The problem -
Within the records below, find each line that holds the string "railing", then copy it.

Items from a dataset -
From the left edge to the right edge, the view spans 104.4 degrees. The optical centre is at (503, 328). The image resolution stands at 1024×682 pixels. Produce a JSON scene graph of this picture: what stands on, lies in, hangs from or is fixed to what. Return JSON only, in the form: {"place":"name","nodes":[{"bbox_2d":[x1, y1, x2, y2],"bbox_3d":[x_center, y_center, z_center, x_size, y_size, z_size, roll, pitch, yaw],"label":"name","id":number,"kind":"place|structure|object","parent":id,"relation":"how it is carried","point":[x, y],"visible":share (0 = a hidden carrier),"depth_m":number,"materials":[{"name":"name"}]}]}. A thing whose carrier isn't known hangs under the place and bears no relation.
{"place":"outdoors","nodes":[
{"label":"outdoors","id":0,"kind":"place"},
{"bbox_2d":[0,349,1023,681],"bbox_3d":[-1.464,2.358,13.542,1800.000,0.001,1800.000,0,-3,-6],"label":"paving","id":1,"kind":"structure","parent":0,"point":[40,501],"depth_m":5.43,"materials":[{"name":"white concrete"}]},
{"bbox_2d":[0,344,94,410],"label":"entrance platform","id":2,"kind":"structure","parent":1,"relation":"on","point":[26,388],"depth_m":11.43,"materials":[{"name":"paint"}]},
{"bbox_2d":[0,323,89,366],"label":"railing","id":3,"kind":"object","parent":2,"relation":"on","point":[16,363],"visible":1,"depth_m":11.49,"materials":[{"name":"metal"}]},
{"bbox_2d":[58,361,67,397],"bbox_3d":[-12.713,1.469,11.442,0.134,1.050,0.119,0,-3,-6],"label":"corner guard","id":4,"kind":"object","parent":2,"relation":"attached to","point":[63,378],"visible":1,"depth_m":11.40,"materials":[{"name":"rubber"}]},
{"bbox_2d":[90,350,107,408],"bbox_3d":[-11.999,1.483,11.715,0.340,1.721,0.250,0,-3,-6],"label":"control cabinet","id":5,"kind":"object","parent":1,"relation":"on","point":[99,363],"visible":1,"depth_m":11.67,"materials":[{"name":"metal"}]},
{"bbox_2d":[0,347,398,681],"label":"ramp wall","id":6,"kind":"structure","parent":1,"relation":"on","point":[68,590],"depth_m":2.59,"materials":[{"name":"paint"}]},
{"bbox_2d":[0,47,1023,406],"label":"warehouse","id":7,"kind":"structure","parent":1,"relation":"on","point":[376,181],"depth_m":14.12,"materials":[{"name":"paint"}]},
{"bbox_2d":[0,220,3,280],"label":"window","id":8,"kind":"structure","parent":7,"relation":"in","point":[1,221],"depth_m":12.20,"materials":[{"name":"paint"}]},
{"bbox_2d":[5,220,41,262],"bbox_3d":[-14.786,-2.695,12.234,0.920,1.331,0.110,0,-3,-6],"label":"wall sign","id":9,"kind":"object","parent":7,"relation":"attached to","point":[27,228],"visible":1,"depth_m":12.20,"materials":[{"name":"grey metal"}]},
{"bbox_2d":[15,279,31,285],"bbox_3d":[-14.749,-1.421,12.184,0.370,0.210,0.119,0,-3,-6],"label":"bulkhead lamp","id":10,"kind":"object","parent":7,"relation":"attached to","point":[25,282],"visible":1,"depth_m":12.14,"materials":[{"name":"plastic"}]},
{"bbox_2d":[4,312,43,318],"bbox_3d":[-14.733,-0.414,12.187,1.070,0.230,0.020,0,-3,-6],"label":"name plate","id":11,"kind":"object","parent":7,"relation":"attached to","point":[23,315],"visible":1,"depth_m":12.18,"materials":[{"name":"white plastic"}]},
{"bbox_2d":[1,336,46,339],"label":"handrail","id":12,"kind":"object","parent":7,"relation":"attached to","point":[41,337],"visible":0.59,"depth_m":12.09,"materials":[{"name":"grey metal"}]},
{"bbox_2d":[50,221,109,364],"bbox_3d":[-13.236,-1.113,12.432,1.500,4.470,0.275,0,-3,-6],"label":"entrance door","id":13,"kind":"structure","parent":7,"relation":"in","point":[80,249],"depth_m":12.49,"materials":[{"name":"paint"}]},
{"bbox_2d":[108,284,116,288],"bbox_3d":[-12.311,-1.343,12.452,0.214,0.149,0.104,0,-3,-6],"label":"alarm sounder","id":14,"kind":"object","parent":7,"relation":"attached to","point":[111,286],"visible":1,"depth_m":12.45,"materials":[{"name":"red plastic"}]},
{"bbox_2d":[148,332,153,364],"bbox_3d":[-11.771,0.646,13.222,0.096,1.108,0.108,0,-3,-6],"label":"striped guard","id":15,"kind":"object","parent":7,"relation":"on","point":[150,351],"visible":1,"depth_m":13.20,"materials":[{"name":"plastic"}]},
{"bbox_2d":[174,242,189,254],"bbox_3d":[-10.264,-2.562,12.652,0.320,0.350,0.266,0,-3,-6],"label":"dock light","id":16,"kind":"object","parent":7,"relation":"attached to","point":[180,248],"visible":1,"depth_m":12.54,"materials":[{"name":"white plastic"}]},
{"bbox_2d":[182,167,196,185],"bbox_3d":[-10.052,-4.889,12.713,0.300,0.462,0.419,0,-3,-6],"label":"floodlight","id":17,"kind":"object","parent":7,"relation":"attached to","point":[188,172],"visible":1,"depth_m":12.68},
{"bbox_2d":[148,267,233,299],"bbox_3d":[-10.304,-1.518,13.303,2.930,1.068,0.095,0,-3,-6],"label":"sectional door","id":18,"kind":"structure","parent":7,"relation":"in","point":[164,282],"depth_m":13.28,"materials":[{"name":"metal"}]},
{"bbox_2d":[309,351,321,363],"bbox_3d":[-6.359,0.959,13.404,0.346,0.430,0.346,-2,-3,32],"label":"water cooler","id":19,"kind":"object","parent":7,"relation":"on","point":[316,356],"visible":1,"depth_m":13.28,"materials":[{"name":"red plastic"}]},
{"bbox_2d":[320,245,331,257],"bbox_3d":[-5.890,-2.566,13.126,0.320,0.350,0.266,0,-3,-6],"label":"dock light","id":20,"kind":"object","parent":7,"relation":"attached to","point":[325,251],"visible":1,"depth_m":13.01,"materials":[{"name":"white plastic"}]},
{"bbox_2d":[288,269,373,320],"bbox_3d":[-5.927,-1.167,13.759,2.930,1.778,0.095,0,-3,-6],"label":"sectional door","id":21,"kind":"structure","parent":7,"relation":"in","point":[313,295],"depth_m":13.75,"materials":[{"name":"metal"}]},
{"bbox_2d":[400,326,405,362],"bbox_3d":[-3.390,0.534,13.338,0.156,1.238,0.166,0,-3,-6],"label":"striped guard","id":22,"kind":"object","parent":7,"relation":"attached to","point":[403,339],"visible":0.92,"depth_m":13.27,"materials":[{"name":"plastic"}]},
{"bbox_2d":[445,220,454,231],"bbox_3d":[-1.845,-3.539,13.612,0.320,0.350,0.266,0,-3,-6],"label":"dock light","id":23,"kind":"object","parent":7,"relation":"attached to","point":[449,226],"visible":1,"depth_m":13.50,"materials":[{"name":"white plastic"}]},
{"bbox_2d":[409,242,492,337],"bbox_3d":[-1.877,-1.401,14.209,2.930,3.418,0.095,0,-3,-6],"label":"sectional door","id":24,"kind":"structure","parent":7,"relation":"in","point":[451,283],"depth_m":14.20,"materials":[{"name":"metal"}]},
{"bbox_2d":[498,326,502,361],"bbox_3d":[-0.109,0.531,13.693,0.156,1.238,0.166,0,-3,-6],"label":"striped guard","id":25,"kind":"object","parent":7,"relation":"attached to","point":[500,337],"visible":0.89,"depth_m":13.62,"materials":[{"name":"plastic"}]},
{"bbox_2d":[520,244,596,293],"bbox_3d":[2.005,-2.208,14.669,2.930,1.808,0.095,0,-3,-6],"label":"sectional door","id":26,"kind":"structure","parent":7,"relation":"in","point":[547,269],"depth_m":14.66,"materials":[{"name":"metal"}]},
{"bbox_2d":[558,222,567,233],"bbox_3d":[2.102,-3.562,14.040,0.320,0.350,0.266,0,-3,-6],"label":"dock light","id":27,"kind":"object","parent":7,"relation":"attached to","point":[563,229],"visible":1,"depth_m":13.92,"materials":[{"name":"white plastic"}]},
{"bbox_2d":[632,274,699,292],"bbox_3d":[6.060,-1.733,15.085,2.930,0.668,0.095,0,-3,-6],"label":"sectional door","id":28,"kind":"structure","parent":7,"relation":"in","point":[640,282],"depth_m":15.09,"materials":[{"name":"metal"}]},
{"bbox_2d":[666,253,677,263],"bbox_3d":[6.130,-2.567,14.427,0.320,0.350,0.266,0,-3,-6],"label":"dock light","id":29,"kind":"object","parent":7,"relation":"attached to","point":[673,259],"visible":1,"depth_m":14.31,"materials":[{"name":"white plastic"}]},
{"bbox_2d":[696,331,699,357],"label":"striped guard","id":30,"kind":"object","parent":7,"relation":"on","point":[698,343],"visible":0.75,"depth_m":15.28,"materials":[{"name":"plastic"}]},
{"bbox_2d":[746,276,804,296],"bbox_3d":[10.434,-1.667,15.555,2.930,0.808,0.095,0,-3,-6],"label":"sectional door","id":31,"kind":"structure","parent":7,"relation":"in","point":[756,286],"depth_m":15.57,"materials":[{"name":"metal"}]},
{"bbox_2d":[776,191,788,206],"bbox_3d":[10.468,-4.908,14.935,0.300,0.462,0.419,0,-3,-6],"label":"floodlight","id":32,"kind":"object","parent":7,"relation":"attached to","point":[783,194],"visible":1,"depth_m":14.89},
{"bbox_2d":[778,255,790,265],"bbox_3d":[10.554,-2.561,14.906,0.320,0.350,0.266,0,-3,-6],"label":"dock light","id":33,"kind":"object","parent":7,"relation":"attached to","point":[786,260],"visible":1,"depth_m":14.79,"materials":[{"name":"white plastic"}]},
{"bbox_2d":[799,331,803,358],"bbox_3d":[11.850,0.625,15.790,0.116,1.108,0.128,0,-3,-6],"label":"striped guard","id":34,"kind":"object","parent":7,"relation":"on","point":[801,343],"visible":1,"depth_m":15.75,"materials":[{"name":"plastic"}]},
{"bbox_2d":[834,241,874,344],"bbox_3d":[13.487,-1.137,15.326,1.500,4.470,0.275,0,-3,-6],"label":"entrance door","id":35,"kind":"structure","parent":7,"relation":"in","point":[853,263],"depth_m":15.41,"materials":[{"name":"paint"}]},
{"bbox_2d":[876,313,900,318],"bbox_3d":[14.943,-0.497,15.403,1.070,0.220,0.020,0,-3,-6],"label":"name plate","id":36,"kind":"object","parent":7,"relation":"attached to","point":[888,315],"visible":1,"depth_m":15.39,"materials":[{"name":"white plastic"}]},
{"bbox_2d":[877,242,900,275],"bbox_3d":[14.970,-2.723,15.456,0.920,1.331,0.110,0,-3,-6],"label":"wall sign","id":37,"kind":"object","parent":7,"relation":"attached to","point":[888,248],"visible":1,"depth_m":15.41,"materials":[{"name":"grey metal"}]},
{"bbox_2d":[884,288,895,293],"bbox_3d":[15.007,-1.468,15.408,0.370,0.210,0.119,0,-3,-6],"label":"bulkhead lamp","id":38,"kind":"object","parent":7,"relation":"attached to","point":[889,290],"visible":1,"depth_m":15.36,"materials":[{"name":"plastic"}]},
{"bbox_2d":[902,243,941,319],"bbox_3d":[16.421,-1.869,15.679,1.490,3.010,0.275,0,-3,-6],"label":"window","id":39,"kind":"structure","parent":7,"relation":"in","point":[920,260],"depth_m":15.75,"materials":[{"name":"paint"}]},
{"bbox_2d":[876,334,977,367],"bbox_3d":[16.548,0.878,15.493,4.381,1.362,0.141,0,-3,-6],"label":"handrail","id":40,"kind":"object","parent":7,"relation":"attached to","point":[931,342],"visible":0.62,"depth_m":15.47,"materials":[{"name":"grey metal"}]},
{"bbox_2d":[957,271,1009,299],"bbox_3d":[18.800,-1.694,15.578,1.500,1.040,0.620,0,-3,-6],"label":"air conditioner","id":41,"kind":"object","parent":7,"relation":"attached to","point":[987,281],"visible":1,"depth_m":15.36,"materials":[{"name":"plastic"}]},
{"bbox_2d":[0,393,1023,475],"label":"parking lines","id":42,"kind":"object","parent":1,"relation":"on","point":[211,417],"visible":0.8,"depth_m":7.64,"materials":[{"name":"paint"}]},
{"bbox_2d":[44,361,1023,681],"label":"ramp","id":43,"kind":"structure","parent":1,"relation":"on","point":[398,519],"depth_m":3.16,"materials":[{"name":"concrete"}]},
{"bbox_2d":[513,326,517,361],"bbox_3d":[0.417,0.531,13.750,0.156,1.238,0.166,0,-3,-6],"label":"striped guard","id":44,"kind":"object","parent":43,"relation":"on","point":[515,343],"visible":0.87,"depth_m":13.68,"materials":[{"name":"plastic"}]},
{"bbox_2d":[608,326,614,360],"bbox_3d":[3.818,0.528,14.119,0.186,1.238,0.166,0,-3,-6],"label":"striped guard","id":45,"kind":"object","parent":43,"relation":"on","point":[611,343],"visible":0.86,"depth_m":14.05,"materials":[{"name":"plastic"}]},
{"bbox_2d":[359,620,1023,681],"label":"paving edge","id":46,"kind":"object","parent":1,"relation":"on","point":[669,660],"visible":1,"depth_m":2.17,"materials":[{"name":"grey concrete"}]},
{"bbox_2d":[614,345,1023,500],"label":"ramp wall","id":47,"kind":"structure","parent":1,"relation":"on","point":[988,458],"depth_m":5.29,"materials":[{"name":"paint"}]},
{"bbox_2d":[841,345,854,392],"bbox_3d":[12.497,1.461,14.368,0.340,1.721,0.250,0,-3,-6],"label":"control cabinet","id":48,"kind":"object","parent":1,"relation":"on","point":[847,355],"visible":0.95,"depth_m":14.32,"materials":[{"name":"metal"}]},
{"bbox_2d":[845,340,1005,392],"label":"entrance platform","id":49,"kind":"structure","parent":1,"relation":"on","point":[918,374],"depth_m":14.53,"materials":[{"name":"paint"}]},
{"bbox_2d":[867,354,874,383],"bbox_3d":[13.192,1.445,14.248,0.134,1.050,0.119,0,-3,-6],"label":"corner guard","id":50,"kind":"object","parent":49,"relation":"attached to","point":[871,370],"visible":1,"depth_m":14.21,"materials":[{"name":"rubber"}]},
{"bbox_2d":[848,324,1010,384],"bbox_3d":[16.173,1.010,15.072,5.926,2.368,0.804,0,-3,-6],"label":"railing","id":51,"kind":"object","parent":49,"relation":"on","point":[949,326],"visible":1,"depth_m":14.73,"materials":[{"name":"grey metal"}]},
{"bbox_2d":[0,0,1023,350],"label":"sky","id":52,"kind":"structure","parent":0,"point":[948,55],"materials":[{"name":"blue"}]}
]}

Worked solution -
{"bbox_2d":[0,323,89,366],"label":"railing","id":3,"kind":"object","parent":2,"relation":"on","point":[16,363],"visible":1,"depth_m":11.49,"materials":[{"name":"metal"}]},
{"bbox_2d":[848,324,1010,384],"bbox_3d":[16.173,1.010,15.072,5.926,2.368,0.804,0,-3,-6],"label":"railing","id":51,"kind":"object","parent":49,"relation":"on","point":[949,326],"visible":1,"depth_m":14.73,"materials":[{"name":"grey metal"}]},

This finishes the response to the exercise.